This list is prepared before we harvest your share. Some guesswork is involved! We do our best to predict which crops will be ready to harvest, but sometimes crops are on the list that are not in the share, and sometimes crops will be in the share even though they’re not on the list. Remember food safety in your kitchen when preparing, always wash your hands before working with your produce and always wash your produce before eating.

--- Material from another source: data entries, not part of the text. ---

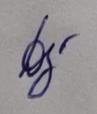
Signature authenticity: genuine
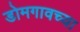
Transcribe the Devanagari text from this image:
डोमगावच्या
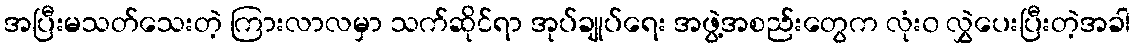
အပြီးမသတ်သေးတဲ့ ကြားလာလမှာ သက်ဆိုင်ရာ အုပ်ချုပ်ရေး အဖွဲ့အစည်းတွေက လုံး၀ လွှဲပေးပြီးတဲ့အခါ
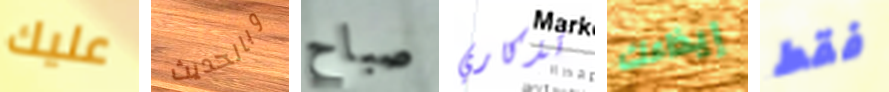
عليك وبالحديث صباح تذكاري إيذاءك فقط
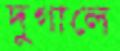
দুগালে
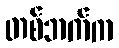
တစ်ဘက်က
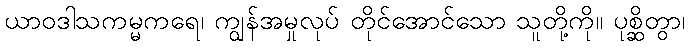
ယာဝဒါသကမ္မကရေ၊ ကျွန်အမှုလုပ် တိုင်အောင်သော သူတို့ကို။ ပုစ္ဆိတွာ၊
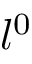
l ^ { 0 }
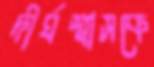
দীর্ঘশ্বাসকে
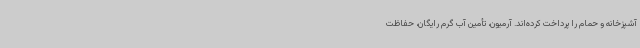
آشپزخانه و حمام را پرداخت کرده‌اند. آرمیون، تأمین آب گرم رایگان، حفاظت
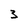
Character: 3
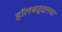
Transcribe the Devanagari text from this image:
हॉलबद्दलचा
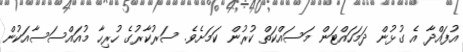
އުފައްދާ އެ ގުޅުން ދަމަހައްޓަން މަސައްކަތް ކުރުން ކަމަށެވެ. ސަރުކާރުގެ ހުރިހާ މުއައްސަސާއަކުން
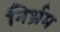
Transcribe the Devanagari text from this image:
निर्भ्रम
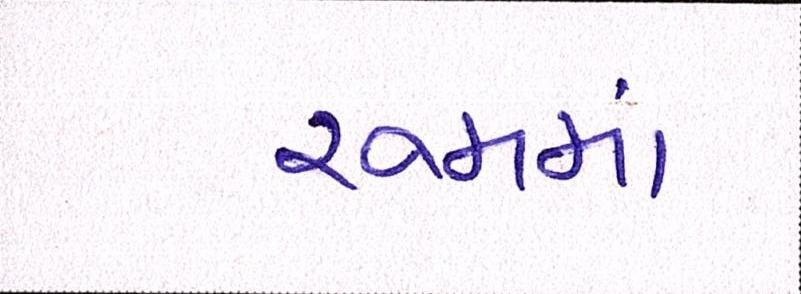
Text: રૂમમાં
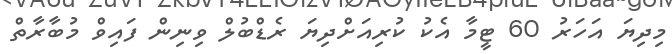
މިދިޔަ އަހަރު 60 ޓީމާ އެކު ކުރިއަށްދިޔަ ރެޑްބުލް ވިނިން ފައިވް މުބާރާތް
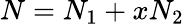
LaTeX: N=N_{1}+xN_{2}
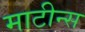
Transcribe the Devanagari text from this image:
माटीन्स
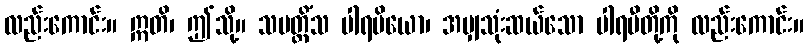
လည်းကောင်း။ ဣတိ၊ ဤသို့။ သမတ္တိံသ ပါရမိယော၊ အမျှသုံးဆယ်သော ပါရမီတို့ကို လည်းကောင်း။
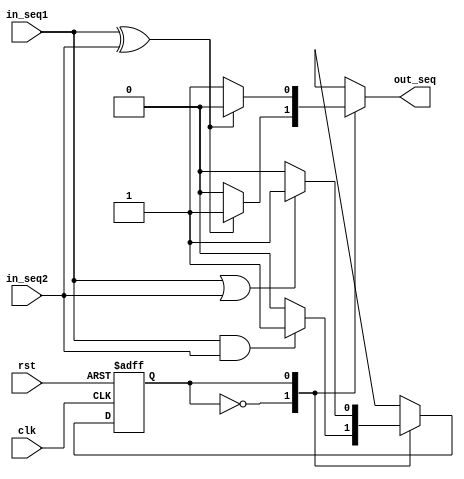
module SerialAdder(clk, rst, in_seq1, in_seq2, out_seq);
	input clk, rst, in_seq1, in_seq2;
	output reg out_seq;
	parameter ZERO = 0, ONE = 1;
	reg curr_carry, next_carry;

	always @(posedge clk or posedge rst) begin
		if (rst)
			curr_carry <= 0;
		else
			curr_carry <= next_carry;
	end

	always @(curr_carry or in_seq1 or in_seq2) begin
		case (curr_carry)
			ZERO: begin
				next_carry = (in_seq1 & in_seq2)?1:0;
				out_seq = (in_seq1 ^ in_seq2)?1:0;
			end
			ONE: begin
				next_carry = (in_seq1 | in_seq2)?1:0;
				out_seq = (in_seq1 ^ in_seq2)?0:1;
			end
			default: begin
				next_carry = 0;
				out_seq = 0;
			end
		endcase
	end
endmodule

Black Seeded Simpson Lettuce – The last crop of lettuce is coming in. It should love this cold weather. Some of the crops are ran under cold well water to take the field heat off of them so they last longer in your refrigerators. They are not washed – just cooled. So remember to wash your vegetables before eating. A new crop should be in next week.

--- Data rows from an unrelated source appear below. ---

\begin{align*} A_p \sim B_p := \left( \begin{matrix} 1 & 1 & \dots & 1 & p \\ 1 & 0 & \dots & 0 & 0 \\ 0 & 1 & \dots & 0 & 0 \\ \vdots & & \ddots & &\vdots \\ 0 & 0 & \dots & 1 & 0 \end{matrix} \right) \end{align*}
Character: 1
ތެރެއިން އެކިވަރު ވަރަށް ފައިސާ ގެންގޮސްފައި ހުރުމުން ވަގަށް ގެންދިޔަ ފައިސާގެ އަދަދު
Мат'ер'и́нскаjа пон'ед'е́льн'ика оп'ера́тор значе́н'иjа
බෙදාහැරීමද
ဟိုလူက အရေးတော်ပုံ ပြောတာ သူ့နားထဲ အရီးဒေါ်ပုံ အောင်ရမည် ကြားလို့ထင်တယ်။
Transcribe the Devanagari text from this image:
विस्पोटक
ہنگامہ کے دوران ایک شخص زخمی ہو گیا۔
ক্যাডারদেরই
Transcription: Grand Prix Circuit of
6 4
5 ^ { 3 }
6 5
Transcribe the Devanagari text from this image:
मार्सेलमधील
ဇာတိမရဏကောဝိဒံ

Red Salad Bowl Lettuce – New crop – Beautiful color.

Spinach – New crop – Mix together with the above lettuces for a beautiful colored salad.

Green and Purple Beans – Check out this recipe, and how green beans are raised in other areas of the U.S. on America’s Heartland. A few of you have some purple beans mixed in with the green beans.

Purple Vienna Kohlrabi – Try these ideas from Martha Stewart.

Detroit Dark Red Beets Some of our shareholders enjoy eating them raw in their salads.

Green Bell Peppers – Learn how to make stuffed peppers here.

Banana Pepper I have been cutting up and freezing the peppers with the intent to use them for recipes throughout the season.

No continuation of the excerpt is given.